Reporter: Ghina Ghaliya Quddus | Editor: Yudho Winarto
JAKARTA. Direktorat Jenderal Pajak Kementerian Keuangan (DJP Kemenkeu) menyatakan bahwa ingin mengkaji penerapan Penghasilan Tidak Kena Pajak (PTKP) berdasarkan upah minimum provinsi (UMP) di masing-masing daerah.
Sebelumnya, sesuai Peraturan Menteri Keuangan (PMK) Nomor 101/PMK.010/2016, Pemerintah menetapkan kenaikan PTKP menjadi Rp54 juta per tahun atau Rp4,5 juta per bulan dari sebelumnya Rp36 juta per tahun atau Rp3 juta per bulan. Kebijakan ini dilakukan untuk mendorong daya beli masyarakat di tengah perlambatan ekonomi.
Dirjen Pajak Ken Dwijugiasteadi mengatakan, pihaknya ingin mengkaji bersama penerapan PTKP yang berbeda di setiap region. Pasalnya, ada penurunan penerimaan pajak di daerah-daerah yang UMP-nya rendah.
“Kalau saya usul, sesuaikan dengan UMP. Dengan adanya (kenaikan) PTKP ini, Kanwil Yogyakarta penerimaannya jatuh.
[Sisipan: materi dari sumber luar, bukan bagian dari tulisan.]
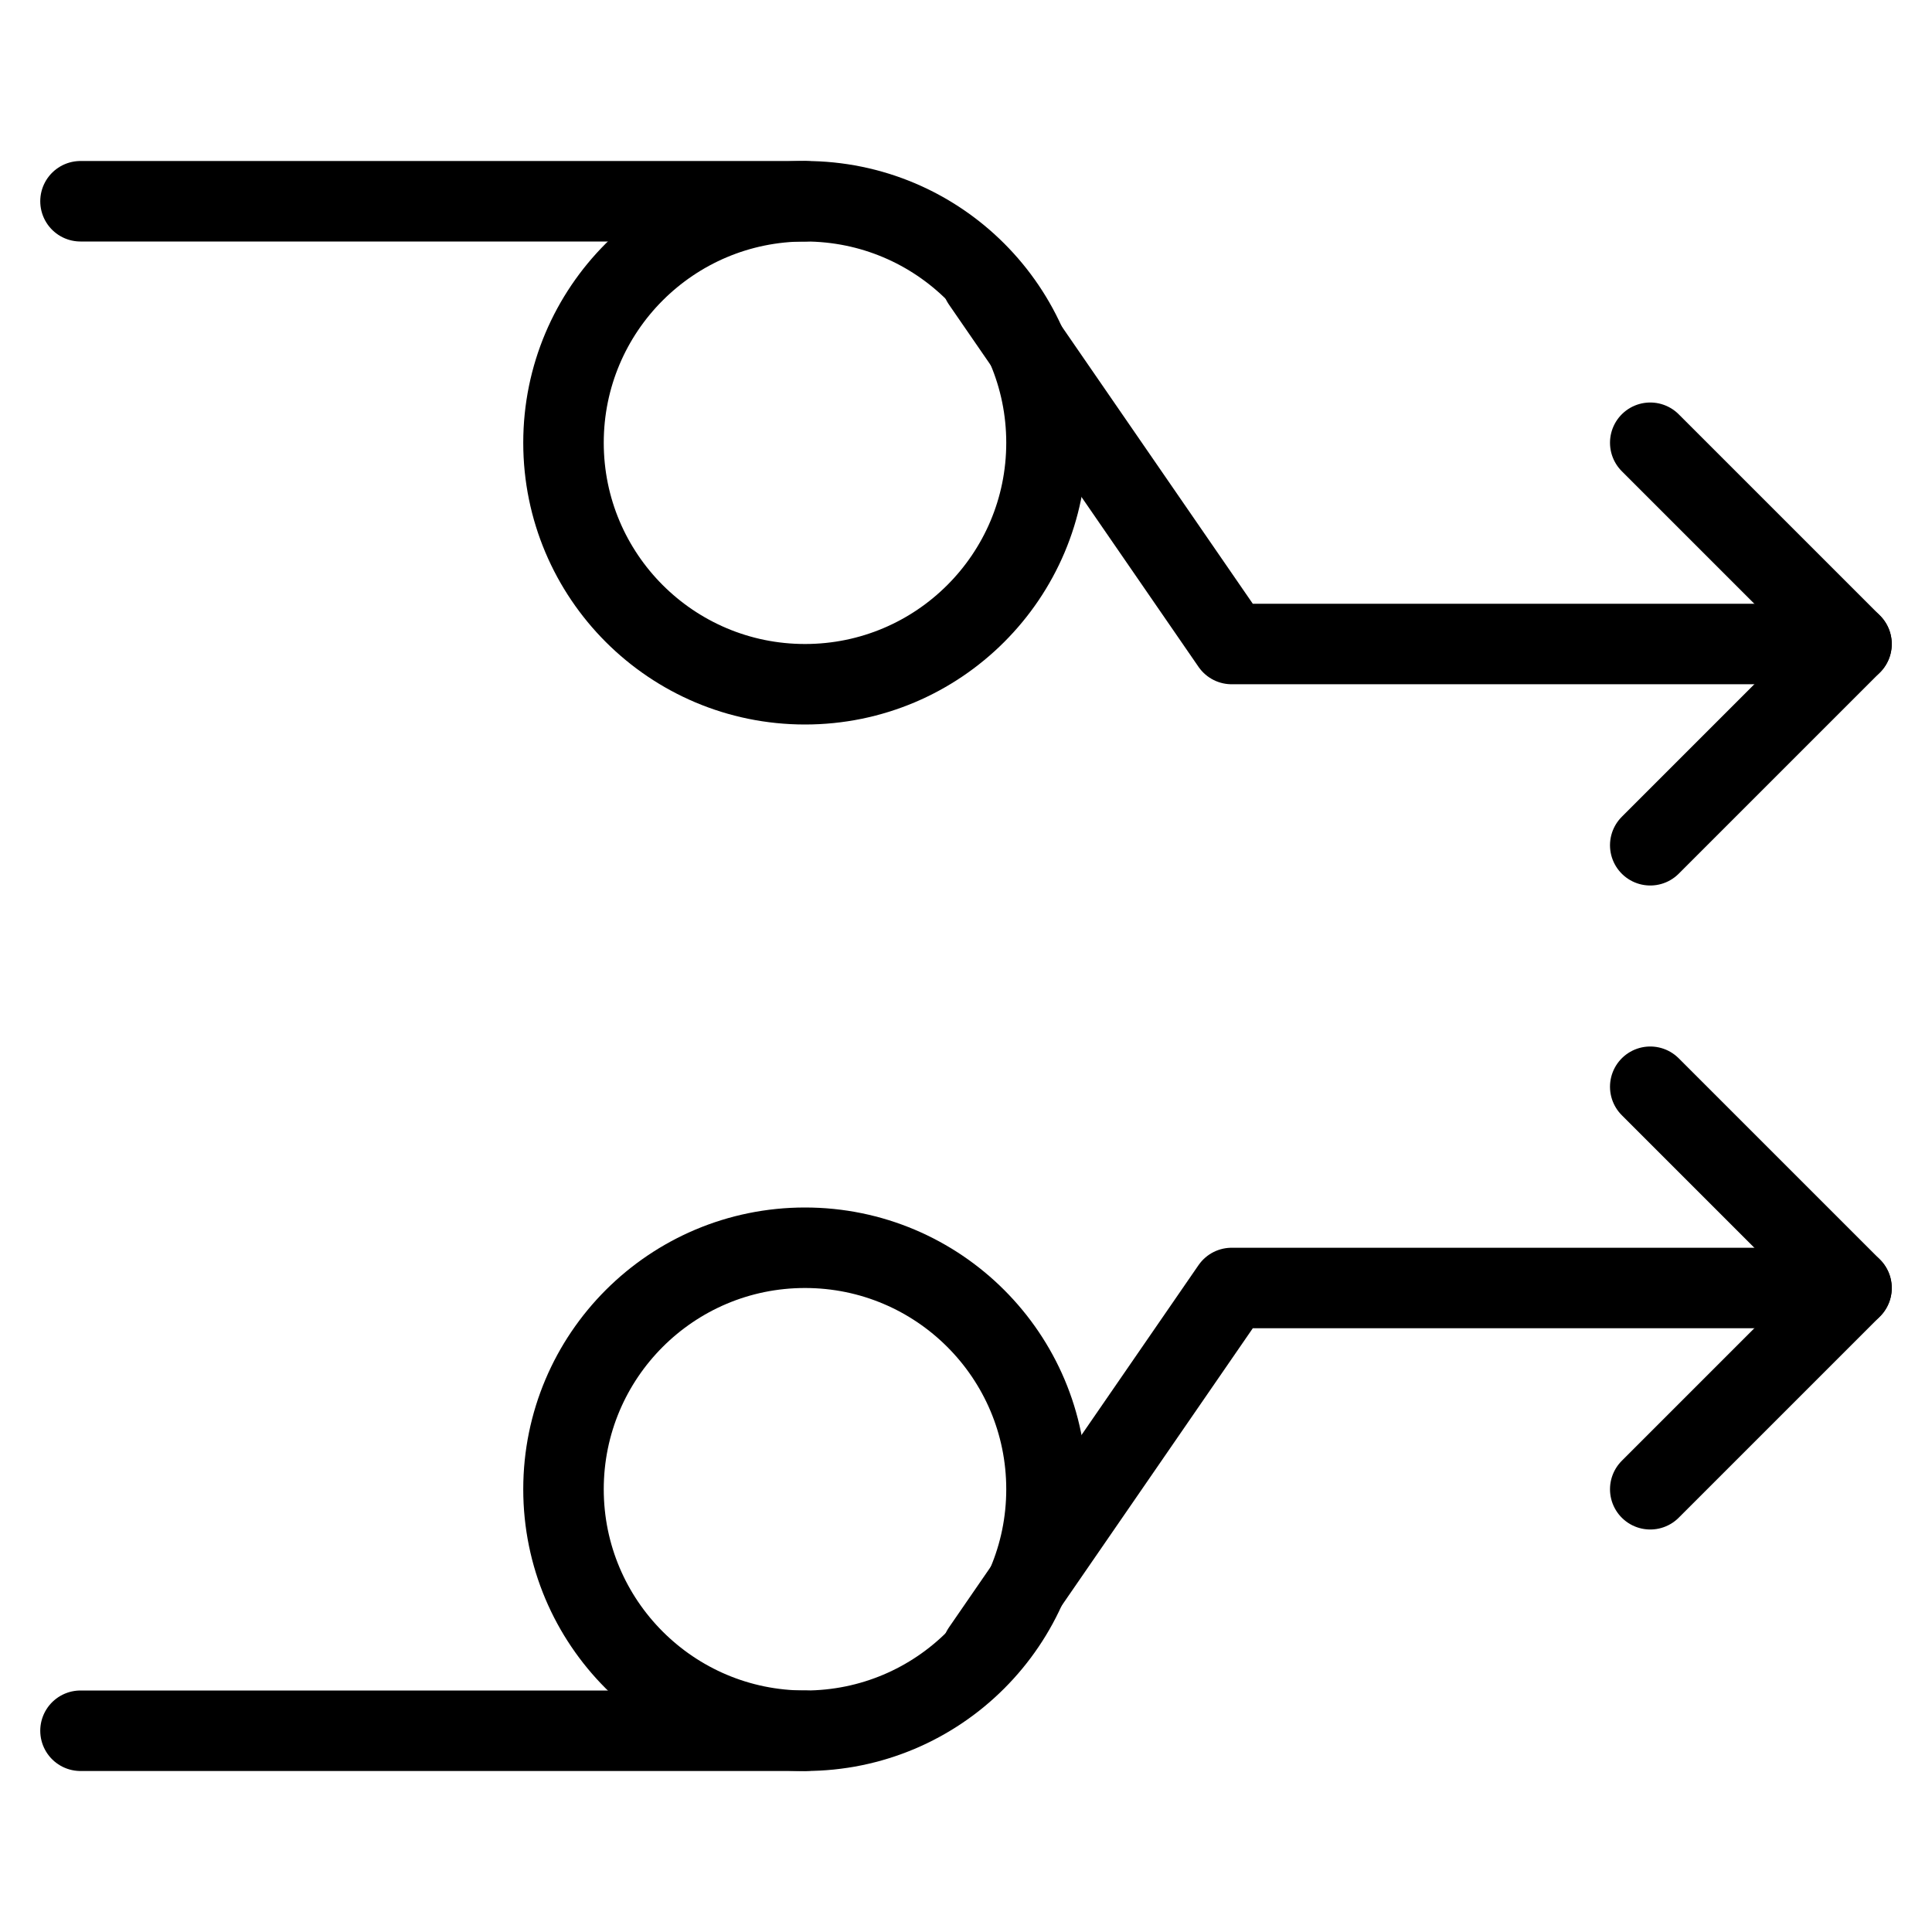 <svg xmlns="http://www.w3.org/2000/svg" fill="none" viewBox="0 0 24 24"><path stroke="#000000" stroke-linecap="round" stroke-linejoin="round" stroke-miterlimit="10" d="M10 8.5c1.657 0 3 -1.343 3 -3s-1.343 -3 -3 -3c-1.657 0 -3 1.343 -3 3s1.343 3 3 3Z" stroke-width="1"></path><path stroke="#000000" stroke-linecap="round" stroke-linejoin="round" stroke-miterlimit="10" d="M10 2.5H1" stroke-width="1"></path><path stroke="#000000" stroke-linecap="round" stroke-linejoin="round" stroke-miterlimit="10" d="M12.2 3.5 15.3 8H23" stroke-width="1"></path><path stroke="#000000" stroke-linecap="round" stroke-linejoin="round" stroke-miterlimit="10" d="M20.5 5.5 23 8l-2.5 2.5" stroke-width="1"></path><path stroke="#000000" stroke-linecap="round" stroke-linejoin="round" stroke-miterlimit="10" d="M10 21.5c1.657 0 3 -1.343 3 -3s-1.343 -3 -3 -3c-1.657 0 -3 1.343 -3 3s1.343 3 3 3Z" stroke-width="1"></path><path stroke="#000000" stroke-linecap="round" stroke-linejoin="round" stroke-miterlimit="10" d="M10 21.5H1" stroke-width="1"></path><path stroke="#000000" stroke-linecap="round" stroke-linejoin="round" stroke-miterlimit="10" d="m12.2 20.5 3.1 -4.5H23" stroke-width="1"></path><path stroke="#000000" stroke-linecap="round" stroke-linejoin="round" stroke-miterlimit="10" d="M20.5 18.5 23 16l-2.5 -2.5" stroke-width="1"></path></svg>

Wajib Pajak Orang Pribadi (WP OP)-nya sangat menurun karena banyak yang di bawah PTKP,” katanya, Rabu (19/7).
Terkait usul ini, Direktur Eksekutif Center for Indonesia Taxation Analysis (CITA ) Yustinus Prastowo mengatakan bahwa ide ini tepat apabila bisa diberlakukan. Pasalnya, regionalisme kebijakan PTKP mendekati biaya hidup riil.
“Jd nanti dibuat zonasi. Usul saya, dibuat tabel dari persentase UMR,” kata Yustinus kepada KONTAN, Rabu (19/7).
Selama ini, menurut Yustinus, kebijakan PTKP nasional tidak adil karena daya beli dan beban hidup berbeda-beda di tiap-tiap masyarakat. Dia menjelaskan, karena konsep PTKP memang biaya minimum yang dibutuhkan wajib pajak untuk dapat bekerja menghasilkan, maka dapat diatur berapa persen di atas upah regional.
Ia melanjutkan, kebijakan PTKP selain basisnya zonasi atau regional, bisa dimodifikasi memperhatikan kaum seperti perempuan, kelompok difabel, dan pekerja usia nonproduktif. “Ini akan jadi insentif ampuh yang menyangga sistem sosial kita,” ucapnya.